Aside from mitigating damage from treatment toxicity, NAC has also shown interactions with anticancer therapies, including inhibition of tumor growth and modulation of signaling pathways. NAC has been shown to inhibit NF-κB and downregulate the expression of pro-inflammatory cytokines. In a murine melanoma model, co-administration of NAC with doxorubicin has shown synergistic antitumor effects (74), whereas other studies revealed that NAC increases doxorubicin resistance in multidrug resistance-associated protein 1-transfected tumor cells (75) and decreases cytotoxicity in the vincristine-resistant lymphoblastoma model (71). A systematic review reported no marked decrease in antitumor efficacy, with some studies suggesting improved outcomes potentially due to better treatment tolerability (76). However, these findings remain inconsistent, and there is currently insufficient evidence to support a synergistic role of NAC in enhancing antitumor efficacy in ALL. Evidence on NAC co-administration in ALL is limited, largely derived from in vitro and preclinical models. In addition, variability in toxicity suggests that some patients may benefit more from NAC administration than others (5). Furthermore, long-term outcomes, including relapse rates, minimal residual disease and overall survival, have not been evaluated. These gaps need to be addressed through studies and clinical trials before NAC use in pediatric ALL can be applied in clinical settings.

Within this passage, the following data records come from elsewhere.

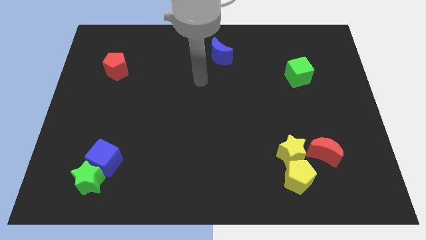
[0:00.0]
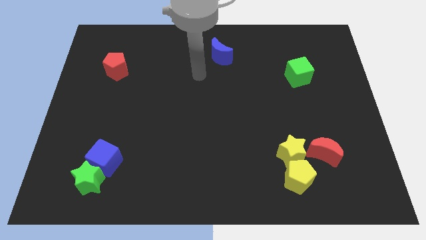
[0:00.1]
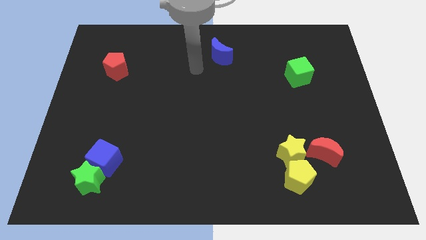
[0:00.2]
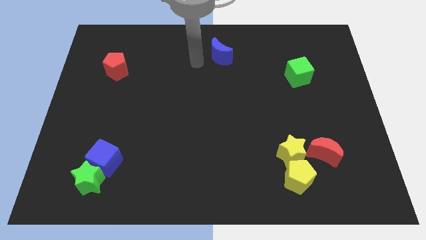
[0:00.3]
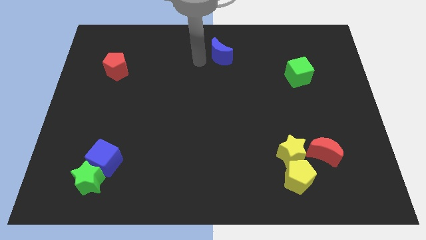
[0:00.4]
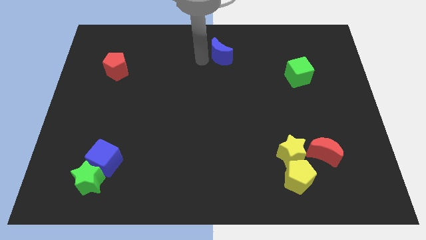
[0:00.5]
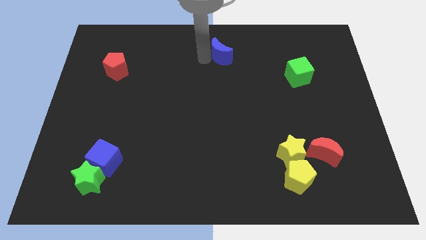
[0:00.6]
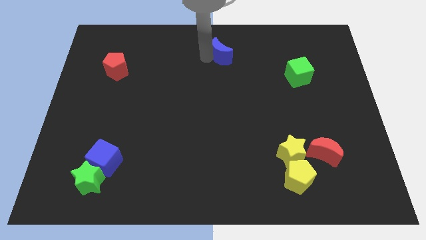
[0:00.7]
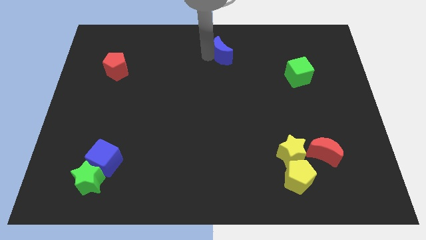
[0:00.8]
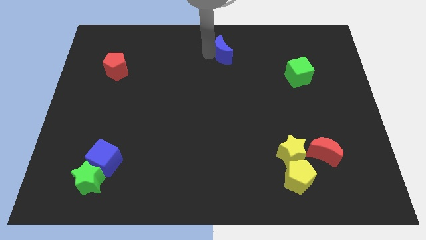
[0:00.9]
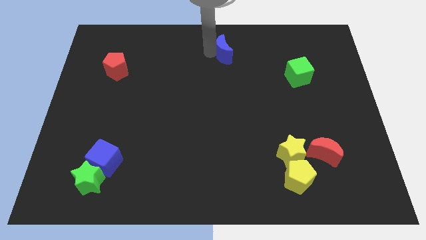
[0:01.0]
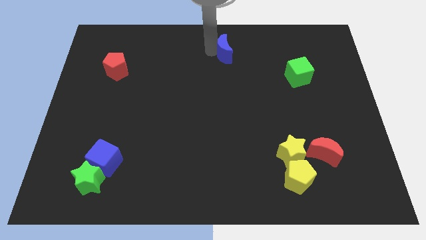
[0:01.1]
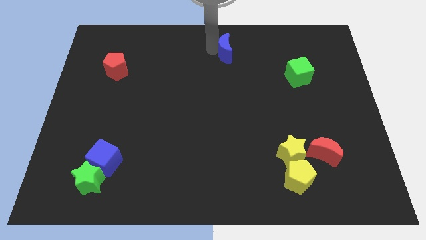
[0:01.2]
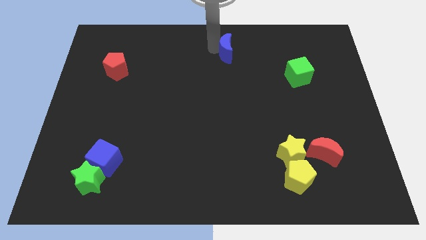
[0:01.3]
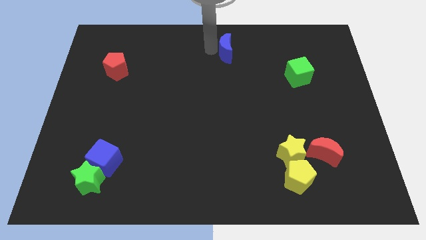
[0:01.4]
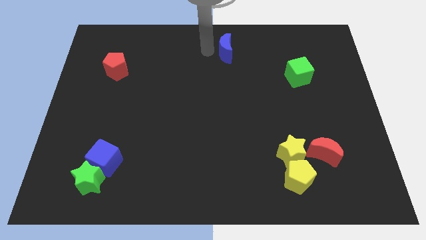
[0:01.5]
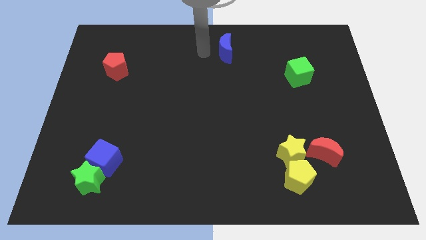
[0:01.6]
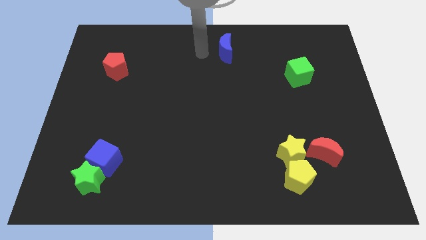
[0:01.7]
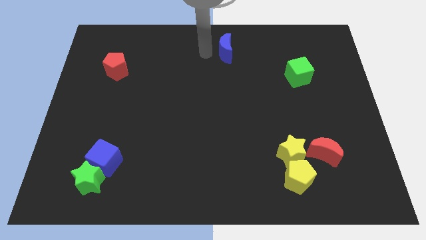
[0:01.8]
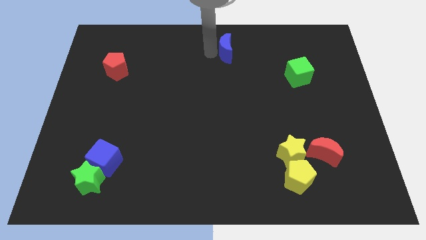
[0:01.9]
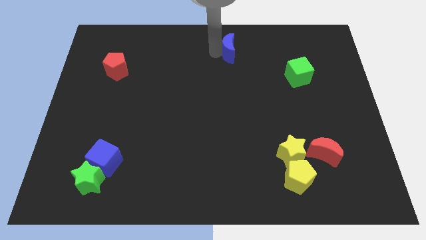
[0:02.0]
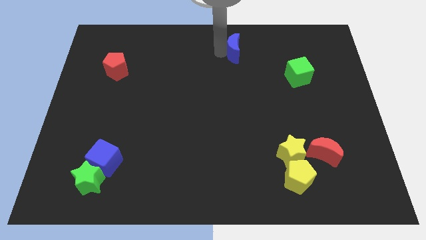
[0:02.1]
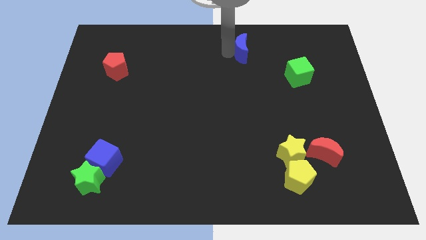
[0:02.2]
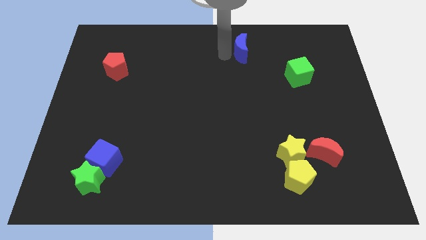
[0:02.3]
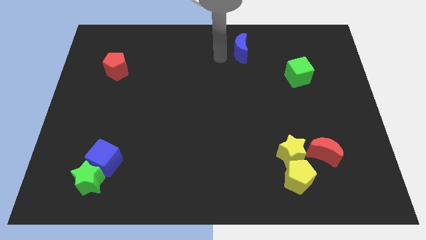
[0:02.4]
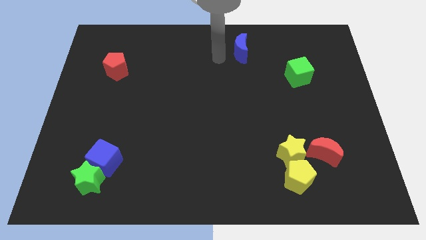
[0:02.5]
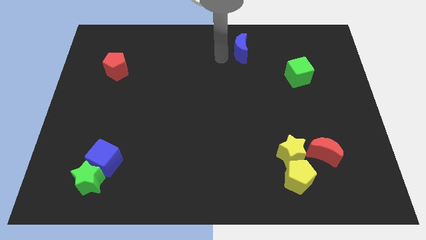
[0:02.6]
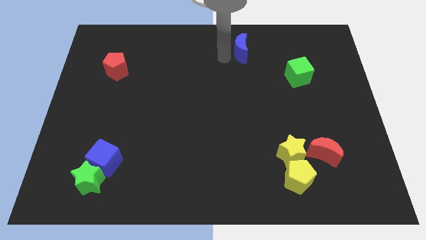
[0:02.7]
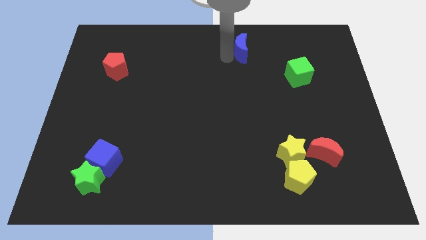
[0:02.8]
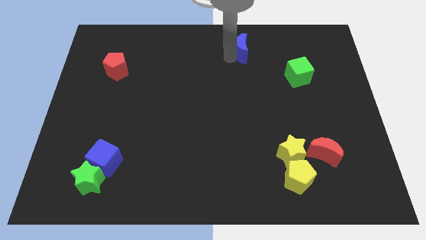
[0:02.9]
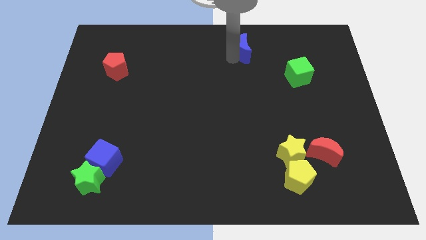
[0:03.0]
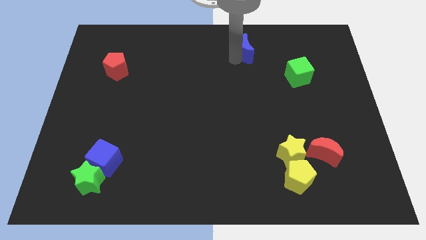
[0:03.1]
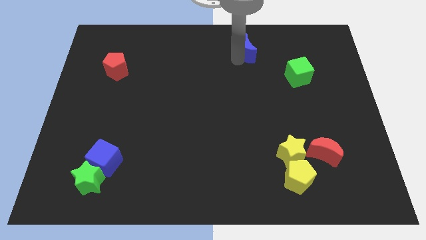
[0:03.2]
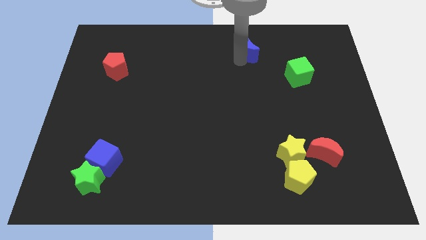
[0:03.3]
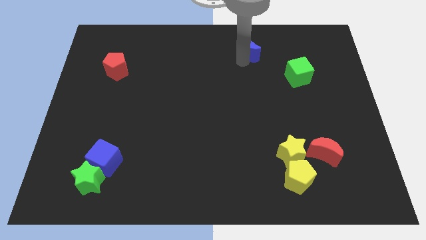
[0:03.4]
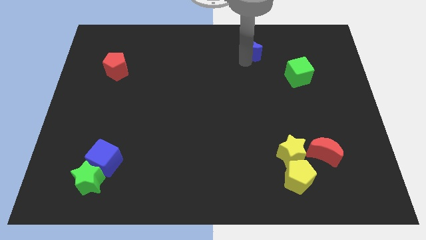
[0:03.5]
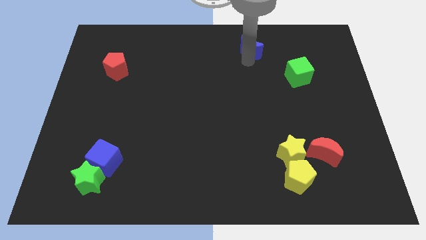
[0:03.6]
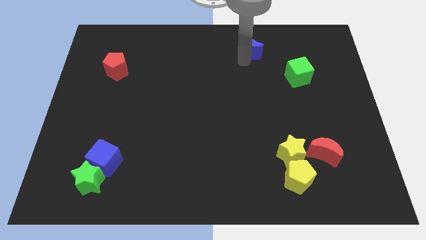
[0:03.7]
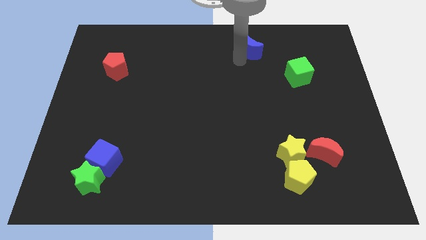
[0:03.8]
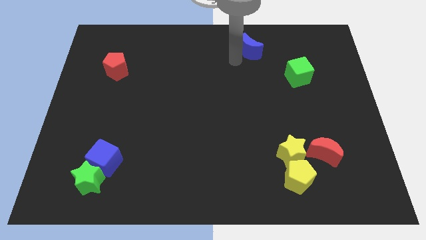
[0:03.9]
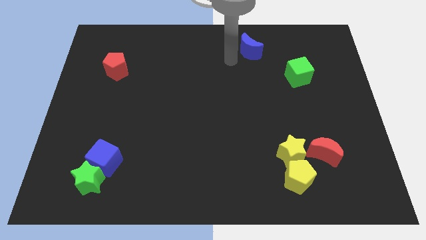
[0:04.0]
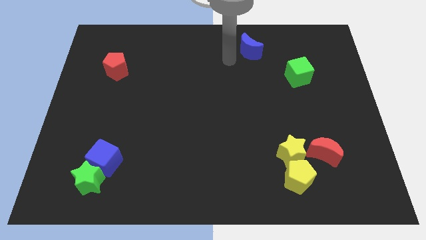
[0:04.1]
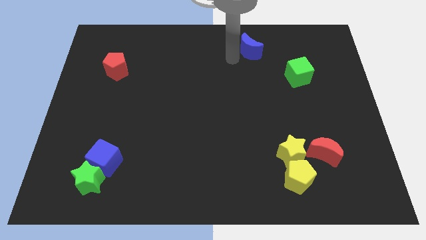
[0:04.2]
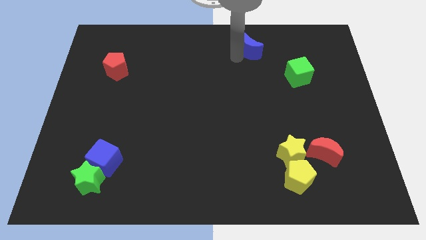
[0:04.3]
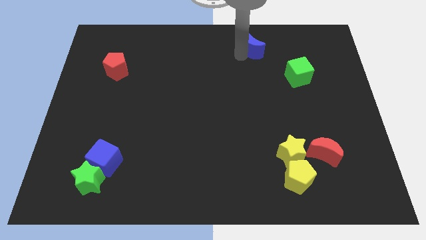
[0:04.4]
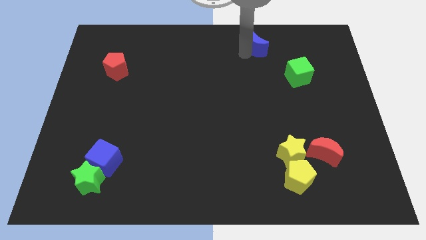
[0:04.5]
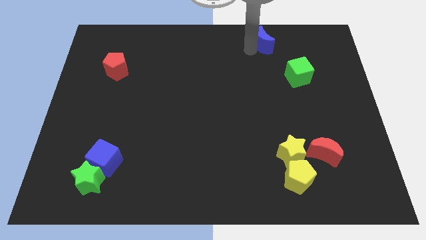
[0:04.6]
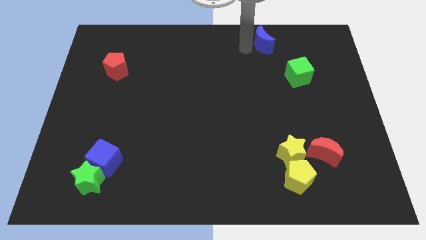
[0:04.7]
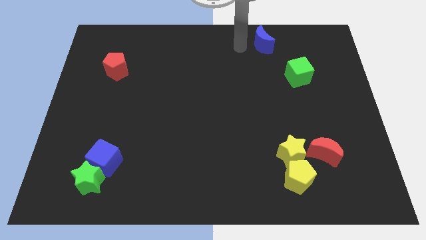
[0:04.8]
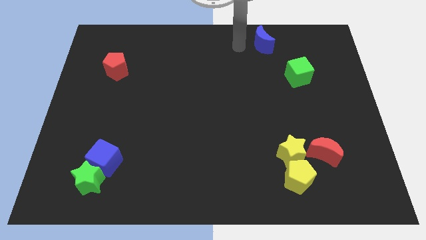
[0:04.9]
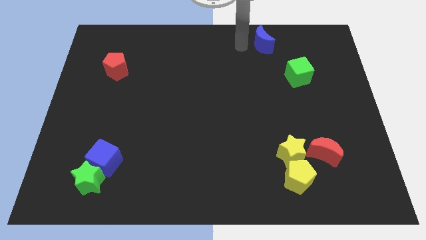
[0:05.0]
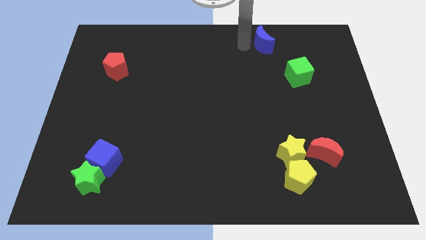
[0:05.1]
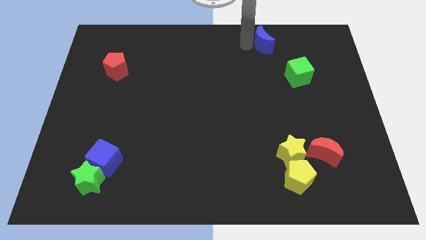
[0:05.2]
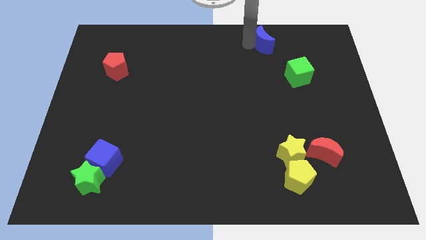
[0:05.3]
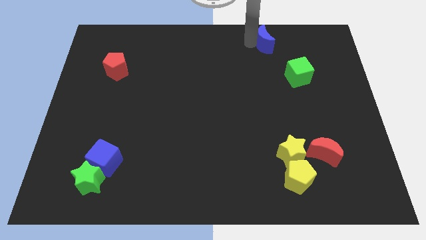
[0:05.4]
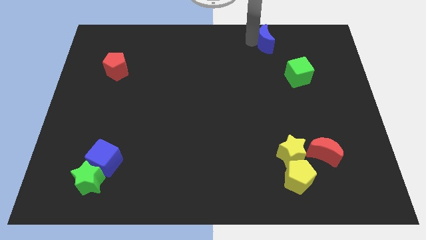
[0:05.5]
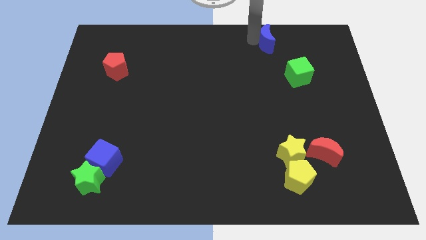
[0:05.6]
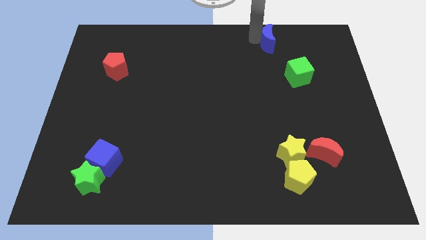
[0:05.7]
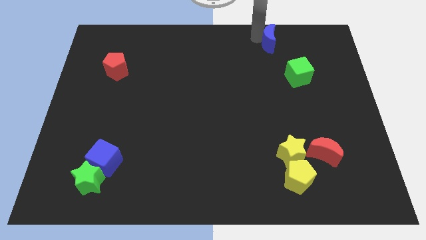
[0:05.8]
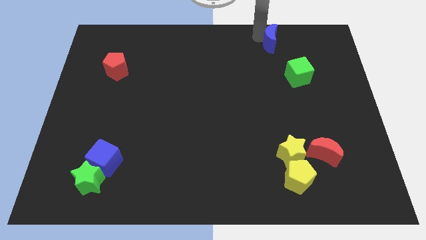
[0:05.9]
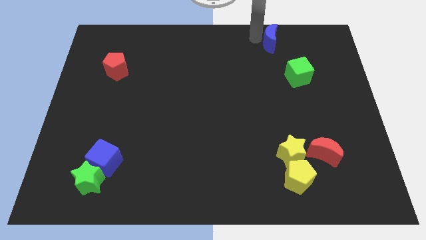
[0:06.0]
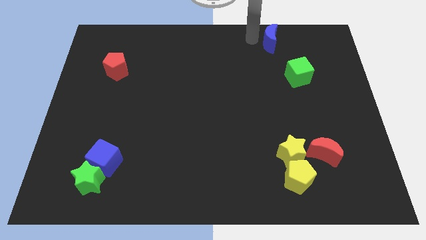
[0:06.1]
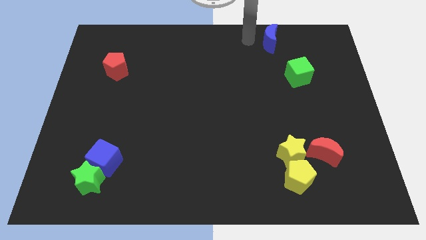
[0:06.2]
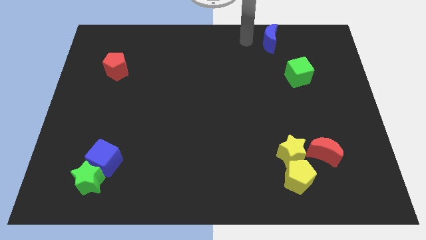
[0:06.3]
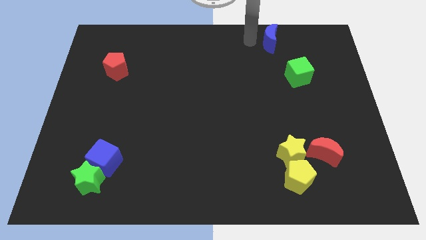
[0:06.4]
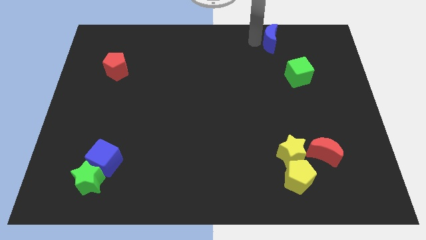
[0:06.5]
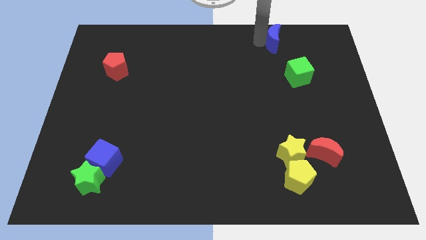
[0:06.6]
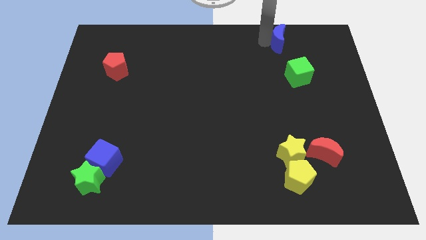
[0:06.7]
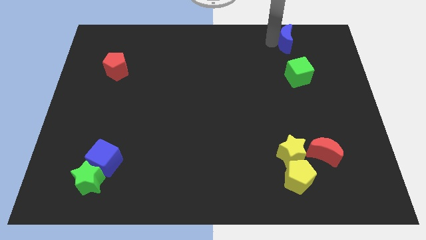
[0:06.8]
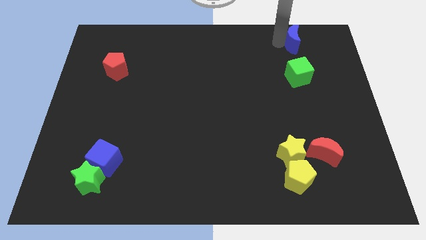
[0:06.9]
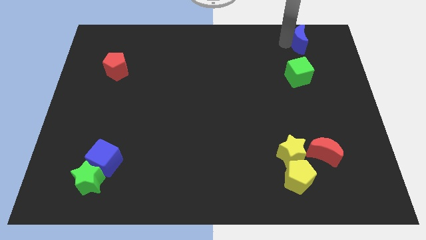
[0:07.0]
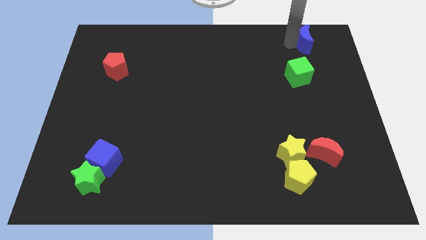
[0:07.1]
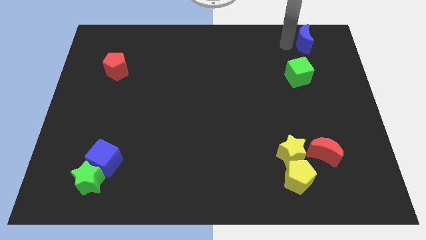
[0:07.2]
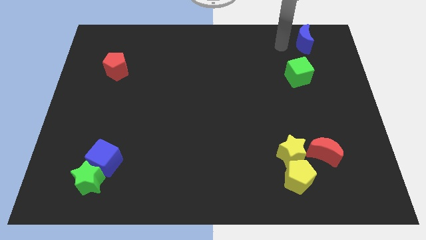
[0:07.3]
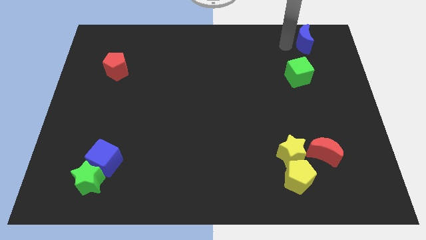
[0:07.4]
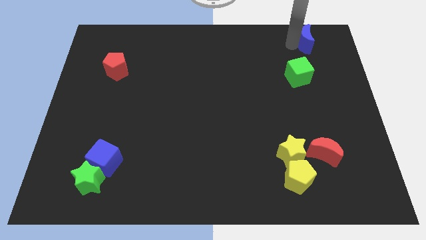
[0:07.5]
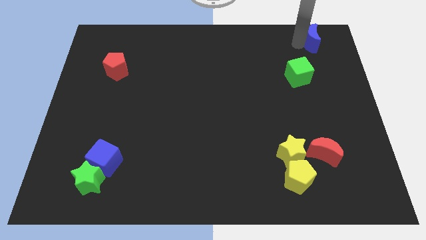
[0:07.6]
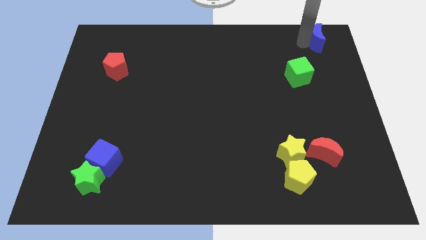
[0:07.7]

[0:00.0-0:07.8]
slide the blue moon to the top right

Further investigation is required to define the optimal timing, route and dosage of NAC in relation to specific chemotherapeutic agents, particularly given that oxidative mechanisms partially mediate their action. Considering the importance of timing, pharmacokinetic and pharmacodynamic studies are needed to identify the optimal therapeutic window for NAC protection without compromising treatment efficacy. Studies should assess redox biomarkers, such as glutathione, lipid peroxidation and inflammatory cytokines, as well as organ-specific injury markers, including liver transaminases, cardiac troponin and neurofilament proteins, to evaluate toxicity and therapeutic impact. Future studies should also evaluate NAC on oncological outcomes, including treatment adherence, dose intensity, minimal residual disease, relapse rates and long-term survival. Comparative trials examining prophylactic and delayed NAC administration are necessary to optimize its potential clinical use. Given the variability in patient susceptibility, an individualized approach may be required. Together, future research on these aspects is essential to establish evidence-based strategies for NAC use in pediatric oncology.

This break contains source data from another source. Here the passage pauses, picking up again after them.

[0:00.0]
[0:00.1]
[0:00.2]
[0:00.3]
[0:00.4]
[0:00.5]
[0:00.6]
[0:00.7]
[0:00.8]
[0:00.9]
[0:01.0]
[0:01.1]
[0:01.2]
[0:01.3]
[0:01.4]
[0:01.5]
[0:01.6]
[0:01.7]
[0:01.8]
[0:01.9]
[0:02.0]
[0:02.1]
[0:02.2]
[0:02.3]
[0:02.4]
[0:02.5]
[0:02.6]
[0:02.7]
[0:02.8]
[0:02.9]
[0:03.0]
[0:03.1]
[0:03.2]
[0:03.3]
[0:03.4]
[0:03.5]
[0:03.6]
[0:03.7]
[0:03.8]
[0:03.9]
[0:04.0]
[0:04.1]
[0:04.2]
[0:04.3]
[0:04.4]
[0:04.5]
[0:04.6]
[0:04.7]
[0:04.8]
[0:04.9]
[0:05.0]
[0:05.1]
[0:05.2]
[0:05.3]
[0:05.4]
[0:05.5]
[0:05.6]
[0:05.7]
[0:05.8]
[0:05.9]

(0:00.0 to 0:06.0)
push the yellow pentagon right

In conclusion, the integration of NAC as a toxicity-modifying adjunct in pediatric ALL requires careful consideration of its pharmacological interactions, timing and patient-specific factors. While existing evidence supports the potential of NAC to protect organs, its impact on antileukemic efficacy remains poorly defined. Clinical studies are necessary to determine the safety, efficacy and optimal timing for the integration of NAC into treatment protocols. Until such evidence is available, NAC use should remain investigational and guided by prospective studies.